訓練場は訓練をする所。
四日目~下刻
フレンチトーストが美味しかった。
訓練場に下りてきました。
人はいないので気兼ねなく練習できそうです。
「2人は武器は使うのか?」
「あの、私は盾と剣を使います」
ラーシアさんは堅実な感じ?
「籠手を使う」
レジーナさんはやはり体術中心のようだ。
「…エッジは?」
「僕はまだですよ。先に魔法を優先させているんです」
「…そう。それなら強化魔法を早く覚えるべき」
ヤハネさんが真面目な意見を言っている。
確かに身体強化は安全性が高まるから使えるに越した事はない。
「私が使うよ」
レジーナさんが自己申告してくれた。
もしかしてあの時も使っていたのかな?
「エッジ、お前達はそこで合わせてろ。…メリル、少し付き合ってもらえるか?」
「…いいわよ」
おお?メリルさんの雰囲気が変わった。
木製の武器をアルセラさんが用意している…槍斧と、剣…レイピア系だ。
「メリルさんって剣を使うんですね」
知っていそうなヤハネさんに訊いてみた。
「魔法剣士はそうそう成れない。メリルは強い。…怒らせちゃダメ」
その原因を作るのは誰なんでしょうね~。
「エッジ…さん、お願い、します」
レジーナさんが…ぎこちない。
「レジーナさん、普通に話してもらって大丈夫ですよ」
「…分かった。じゃあエッジ、組手しよう」
ラーシアさんはそうでもないんだけど、レジーナさんの言葉に違和感があったのはおそらく、翻訳スキルの関係もあるのかもしれない。

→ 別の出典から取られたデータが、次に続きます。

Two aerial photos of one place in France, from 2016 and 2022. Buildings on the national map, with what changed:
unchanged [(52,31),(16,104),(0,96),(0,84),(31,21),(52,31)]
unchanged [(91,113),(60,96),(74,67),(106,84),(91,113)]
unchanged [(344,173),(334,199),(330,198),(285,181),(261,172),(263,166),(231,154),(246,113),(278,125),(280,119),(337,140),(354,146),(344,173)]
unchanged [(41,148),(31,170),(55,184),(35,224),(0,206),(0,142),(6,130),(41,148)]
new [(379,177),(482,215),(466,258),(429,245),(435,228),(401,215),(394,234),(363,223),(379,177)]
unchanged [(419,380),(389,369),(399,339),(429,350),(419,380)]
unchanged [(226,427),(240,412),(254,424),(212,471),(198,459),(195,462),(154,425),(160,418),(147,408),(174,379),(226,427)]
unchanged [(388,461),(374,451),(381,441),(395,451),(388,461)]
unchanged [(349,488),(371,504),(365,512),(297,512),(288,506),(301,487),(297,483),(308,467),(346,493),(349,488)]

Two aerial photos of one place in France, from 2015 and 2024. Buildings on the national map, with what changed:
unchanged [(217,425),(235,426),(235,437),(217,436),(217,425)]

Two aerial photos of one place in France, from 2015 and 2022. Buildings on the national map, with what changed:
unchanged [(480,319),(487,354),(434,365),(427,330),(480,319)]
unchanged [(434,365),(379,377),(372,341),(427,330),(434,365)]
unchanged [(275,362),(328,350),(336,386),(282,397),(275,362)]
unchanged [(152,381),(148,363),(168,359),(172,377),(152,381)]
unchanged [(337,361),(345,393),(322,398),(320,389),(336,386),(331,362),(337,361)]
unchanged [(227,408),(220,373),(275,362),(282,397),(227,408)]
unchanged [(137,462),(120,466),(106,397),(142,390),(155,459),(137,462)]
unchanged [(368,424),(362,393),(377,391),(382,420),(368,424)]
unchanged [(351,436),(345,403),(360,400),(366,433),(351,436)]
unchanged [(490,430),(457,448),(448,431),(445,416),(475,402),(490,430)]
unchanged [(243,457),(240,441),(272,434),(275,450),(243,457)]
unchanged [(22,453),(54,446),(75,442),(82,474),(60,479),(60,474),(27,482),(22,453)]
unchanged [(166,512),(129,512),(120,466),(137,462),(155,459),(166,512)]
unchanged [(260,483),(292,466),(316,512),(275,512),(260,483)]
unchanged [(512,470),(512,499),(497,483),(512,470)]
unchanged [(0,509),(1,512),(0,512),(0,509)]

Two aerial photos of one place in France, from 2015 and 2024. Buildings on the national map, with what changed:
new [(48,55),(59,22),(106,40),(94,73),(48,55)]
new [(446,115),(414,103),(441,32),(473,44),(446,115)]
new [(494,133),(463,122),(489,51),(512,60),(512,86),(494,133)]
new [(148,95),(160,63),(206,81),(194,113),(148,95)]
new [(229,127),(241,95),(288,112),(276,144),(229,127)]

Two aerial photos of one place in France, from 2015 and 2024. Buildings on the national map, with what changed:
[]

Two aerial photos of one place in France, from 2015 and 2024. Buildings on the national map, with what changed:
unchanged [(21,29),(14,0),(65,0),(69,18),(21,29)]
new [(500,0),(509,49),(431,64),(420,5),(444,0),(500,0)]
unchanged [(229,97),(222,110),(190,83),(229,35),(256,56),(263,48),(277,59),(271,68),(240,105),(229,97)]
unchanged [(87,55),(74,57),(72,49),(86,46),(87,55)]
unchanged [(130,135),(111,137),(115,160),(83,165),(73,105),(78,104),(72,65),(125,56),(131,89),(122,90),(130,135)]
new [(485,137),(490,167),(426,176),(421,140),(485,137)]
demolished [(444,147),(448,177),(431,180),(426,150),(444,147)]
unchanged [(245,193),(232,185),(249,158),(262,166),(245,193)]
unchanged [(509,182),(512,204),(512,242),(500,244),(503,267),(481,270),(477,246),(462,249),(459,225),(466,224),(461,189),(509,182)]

…本当は語尾に「にゃ」とか付いてたりして…。
「エッジ?」
「おっと、考え事をしていました。えーっと、とりあえず軽く打ち込んでもらって、それで様子を見るという感じでいいですか?」
「分かった」
「レジーナ、加減を間違えないようにね!エッジさん、が、頑張って下さい!」
レジーナさんと向き合い、構える。
構えは半身の自然体から、軽く手足の関節を曲げた状態だ。
「行くよ」
無音なのに力強い踏み込みで、レジーナさんが目の前まで一気に飛び込んで来た。空気圧を感じながら、重心を後ろに移動して後退、レジーナさんの右ストレートの掌底を距離で躱す。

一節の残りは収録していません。